I just don't like this:
Or honestly this:
In my experience, TEVI's exploration wasn't great. There was no reason to go anywhere but the markers, because all you'd get from just wandering are things that help you do what you already can do but easier which wasn't at all necessary on Normal+. Exploring for fun was also something I gave up on pretty soon. Maps were larger and more numerous, but the tools for exploration and quick traversal are still stuck as they were in Rabi-Ribi, if not worse, and I wasn't a huge fan of the "more complicated" level design, either (the game likes its one way passages a bit too much for my liking)
You call Rabi-Ribi's progression between rooms uninteresting but I experienced a lot of that with TEVI, too. Aestetics I can recall but ask me to draw you a rough map and you probably wouldn't get that.

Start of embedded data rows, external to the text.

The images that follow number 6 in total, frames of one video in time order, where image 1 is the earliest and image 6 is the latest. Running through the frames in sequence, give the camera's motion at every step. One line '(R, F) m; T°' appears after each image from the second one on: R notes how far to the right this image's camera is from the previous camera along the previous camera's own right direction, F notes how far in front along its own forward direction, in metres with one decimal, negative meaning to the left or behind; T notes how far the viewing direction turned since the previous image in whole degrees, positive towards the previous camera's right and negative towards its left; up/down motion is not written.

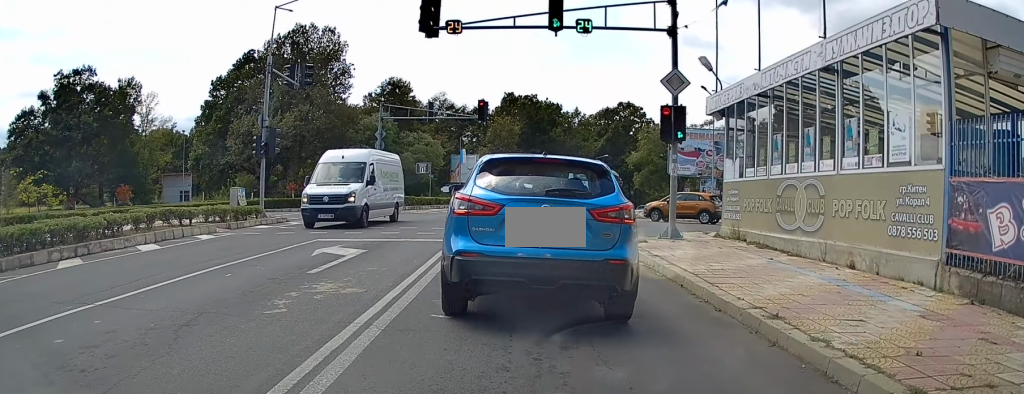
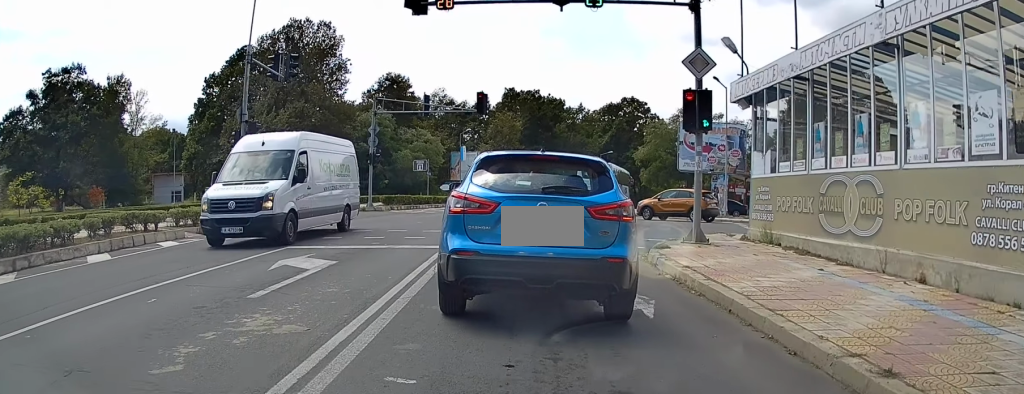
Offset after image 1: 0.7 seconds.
(-0.1, +2.2) m; -2°
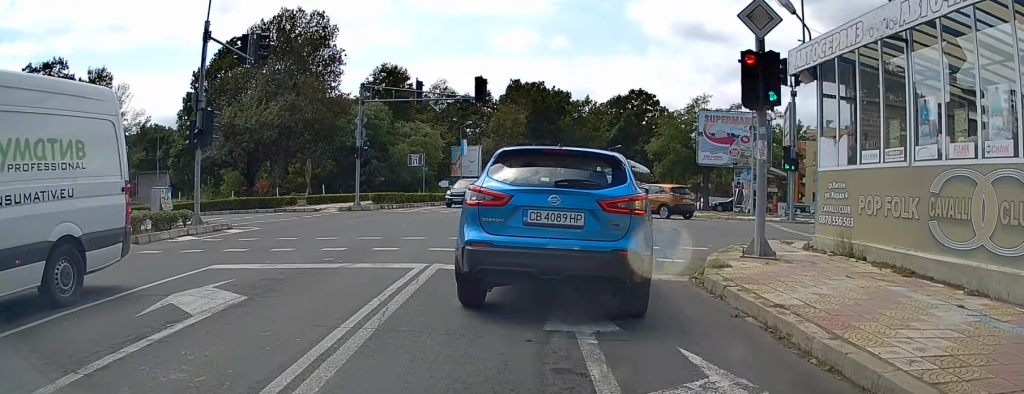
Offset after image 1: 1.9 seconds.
(0.0, +4.0) m; +1°
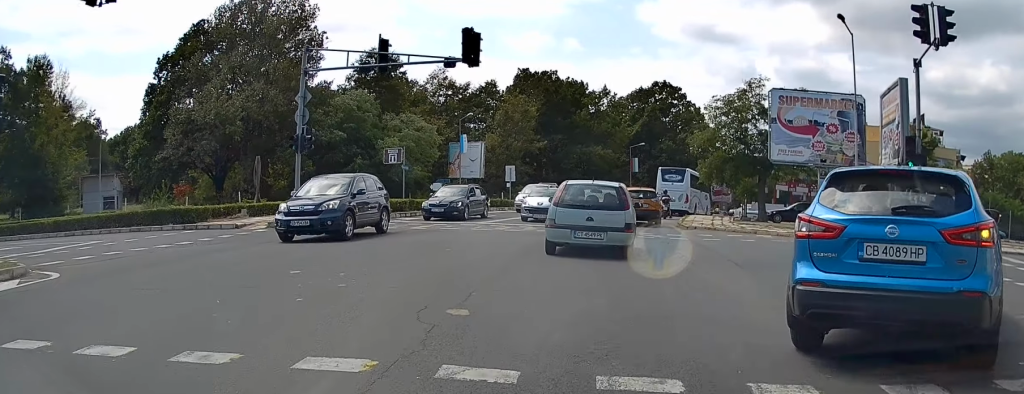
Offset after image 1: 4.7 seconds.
(-0.4, +10.1) m; -2°
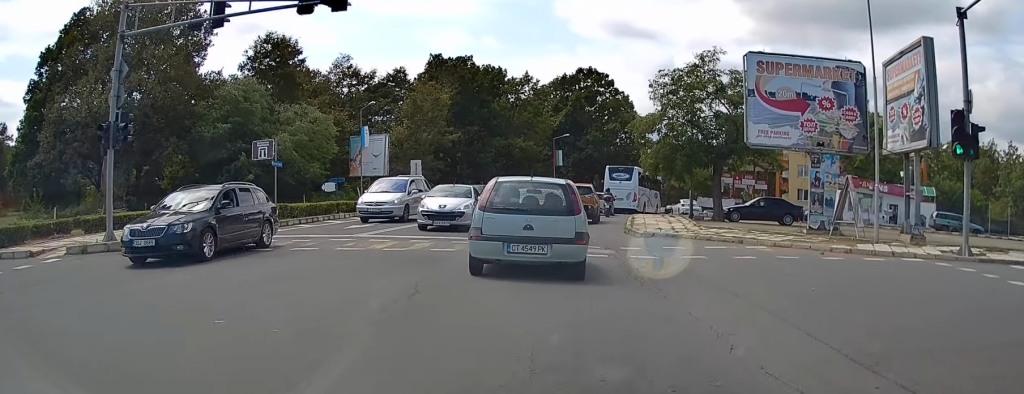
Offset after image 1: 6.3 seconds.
(+0.7, +6.8) m; +8°
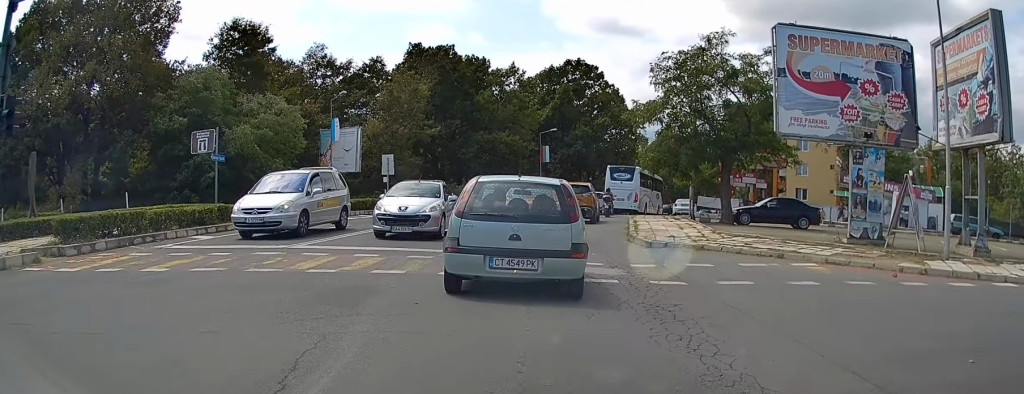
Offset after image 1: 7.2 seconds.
(0.0, +4.0) m; 0°

The most memorable part gameplay-wise, aside from the bosses (which are still the highlight of the game like they were in Rabi-Ribi), was the Dreamer's Keep. (This is not a compliment.)
I suppose I did spend more time travelling to the next objective than in Rabi-Ribi and there are less bosses than in Rabi-Ribi. If that's your criteria for exploration then I guess it is "more of a metroidvania". I just don't like that - it's like saying Pokemon is just a trainer battle simulator.
I like Tevi because exploring feels rewarding in the sense that I will usually find something if I go off the story path, whether it's a sigil, some potions, coins for the shops from the coin blocks, or just exploring a route earlier to know where I need to go when a story mission does pop up.
Combat in Rabi Ribi was dull to the point of me eventually putting the game down, intending to return to it later, but I never did. Combat in Tevi, on the other hand, I've been enjoying enough that I should be beating the game soon, based on map completion. I'll probably revisit Rabi Ribi soon enough just to experience it again, likely with a new playthrough to see about beating it.
Not sure why there's all the complaints about combat in Tevi, feels like people who just want to near instantly kill every boss they see, and getting upset when they have to spend any amount of time fighting something. Maybe it's because I'm exploring and getting so many upgrades rather than going linearly through the story, but combat in Tevi feels pretty smooth - I probably wouldn't be good enough to do whatever's after expert, but expert is simple enough to just brute force. I can see why people would complain about that, being able to brute force combat with upgrades, but I don't mind it.
TL;DR: Both are nice games. Tevi is a little better, but that's not surprising as the second game from the devs.
Tevi's story and writing is just...there was a lot of time devoted to it and at the end I think it was the biggest negative in this game by a long shot. The second being the ridiculous linearity from "You will be stuck in this area" to psuedoe linear areas where you're stuck until you get either a traversal ability or hit a certain point, to the game very much railroading you, it really disliked you not going too far off the beaten path. Ori and The Will of the Wisp learned from it's predecessor, and by the midpoint of the game, you get 4 different paths that all give different traversal abilities that can be helpful elsewhere, but Tevi went backwards and lost the aspect that I really enjoyed from Rabi Ribi.
Um... Best Boi Sable? Dummy Bear Ribauld? Waffle of Wonder Greasetrap? Yandere Mermaid Serulea? Demon Lord DIO? Angelic Vergil? "Erina and Ribbon"? Heck I even remember the Golden Hands, Travoll Industries, and Peacekeeper NPCs.
Though I won't deny with how many of them exist much of them don't get a whole lot of screentime. Phantom was pretty much a wasted character.